The TIGIT family of receptors, also known as the nectin and nectin-like family, consists of four receptors; CD226 (DNAM-1), TIGIT, CD96 (TACTILE), PVRIG (CD112R) and five ligands; CD155 (PVR, Necl5), CD111 (Nectin-1, PVRL1), CD112 (Nectin-2, PVRL2), CD113 (Nectin-3, PVRL3) and Nectin-4 (PVRL4) (Fig.2D) [78]. This family of proteins represent a co-stimulatory axis that could be therapeutically targeted for the treatment of cancer. TIGIT (T-cell immunoglobulin and ITIM domain) is the best characterised of the TIGIT family of receptors [78]. TIGIT binds to PVR, PVRL2 and PVRL3 and counteracts positive co-stimulatory signalling [78]. TIGIT indirectly inhibits T cell activity by manipulating DC activity [79]. Both TIGIT and PD-1 limit CD8⁺ T cell responses through distinct mechanisms, and therefore an anti-TIGIT/anti-PD-1 dual blockade has been suggested as a potential therapeutic showing promising results in colon and breast cancer mouse models, where only a co-blockade of TIGIT and PD-L1, and neither alone, resulted in tumour rejection [80].

In OC, TIGIT shows elevated expression on CD4⁺ regulatory T cells compared to effector CD4⁺ and CD8⁺ T cells, and NK cells. An anti-TIGIT blockade reduces the number of regulatory T cells but effector CD4⁺ and CD8⁺ T cells and NK cells are not affected. This reduction in CD4⁺ regulatory T cells resulted in a lowering of immunosuppression [81]. When specifically looking at HGSOC, TIGIT levels are enhanced in recurrent tumours compared to matched primary samples [82].

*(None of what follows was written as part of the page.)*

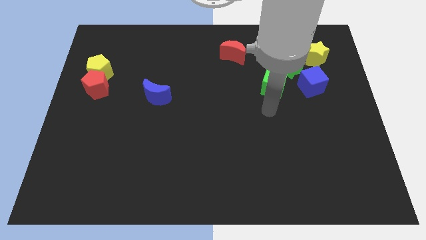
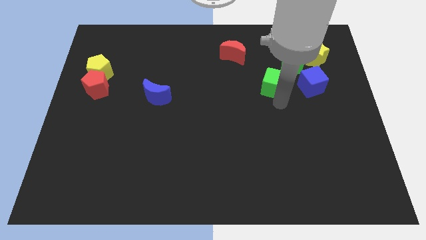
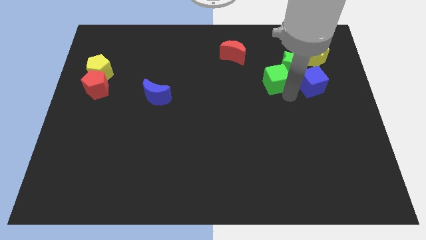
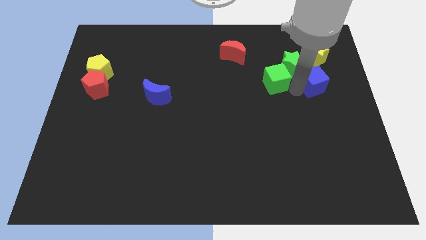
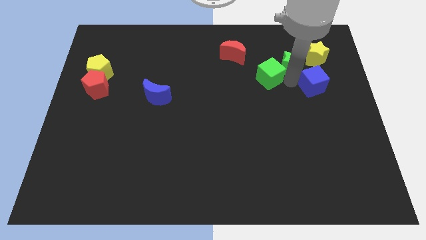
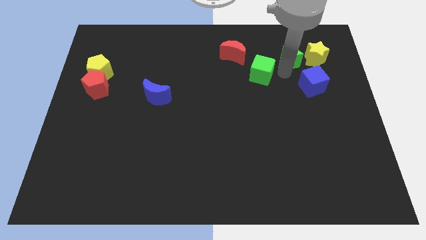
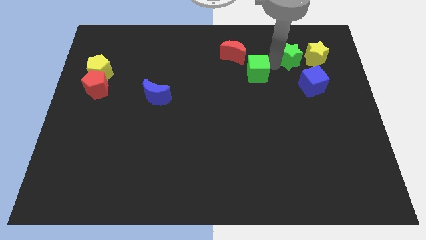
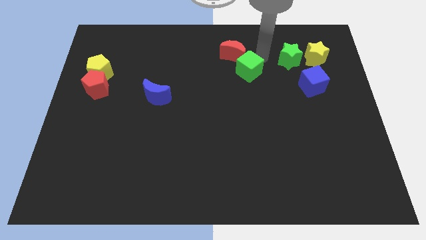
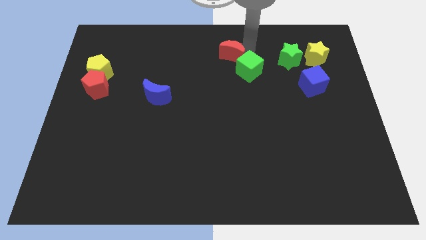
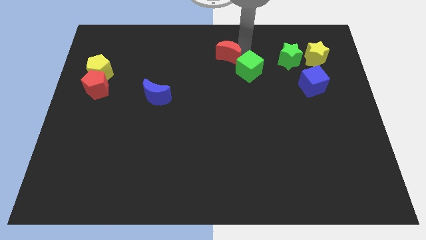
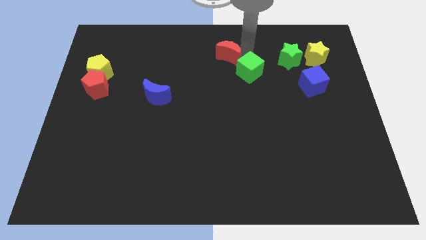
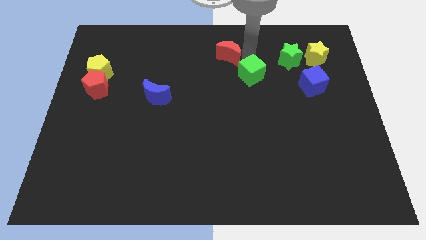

Poliovirus receptor-related immunoglobulin domain-containing (PVRIG), also known as CD112R is a lesser-characterised member of the TIGIT family receptors (Fig. 2D) [78]. PVRIG expression has been examined on TILs for a range of different cancer types and it was found that OC had among the highest expression of PVRIG on CD4⁺ and CD8⁺ T cells in blood and tissues [78]. Furthermore its ligand, PVRL2, also had the highest expression in OC samples on CD14⁺ (monocytes and tumour-associated macrophages), and CD45⁻ cells (tumour epithelial and other non-immune cells), and when compared to normal tissue, PVRL2 expression is higher in a number of cancer types, including OC [78]. OC tissue also showed the highest percentage of PVR⁻PVRL2⁺ cells and had the highest ratio of PVRL2 to PVR. This indicates that the PVRIG-PVRL2 pathway, rather than the TIGIT-PVR pathway, plays a more important role in regulating the immune response in OC [78].

5. Combination therapy

Clinical trials evaluating ICIs as a monotherapy for OC have yielded disappointing outcomes (Table 1), which is why research is focused on combining ICIs with other treatment options. However, the combination of ICIs with chemotherapy and/or VEGF inhibitors has also yielded disappointing results, with trials concluding that the addition of ICIs did not provide any additional benefit compared to chemotherapy alone (Table 2). For this reason, studies have progressed to combining multiple ICIs together or ICIs with other treatment options such as PARPi.

5.1. Chemotherapy

Standard of care for OC involves cytoreductive surgery to illicit local disease control and systemic chemotherapy for the treatment of metastatic disease [47]. The timing of cytoreductive surgery in relation to systemic chemotherapy is still debated with most patients undergoing surgery first, followed by chemotherapy [47]. However, neoadjuvant chemotherapy followed by surgery is becoming more widely accepted and is offered to patients if they have disease that is unlikely to be optimally cytoreduced or if they present at an advanced age or with comorbidities [47]. The introduction of immunotherapies stands to make this an even more complex topic. Evidence suggests that the timing and dose of chemotherapy can impact the immune response and increase the effectiveness of immunotherapies [48].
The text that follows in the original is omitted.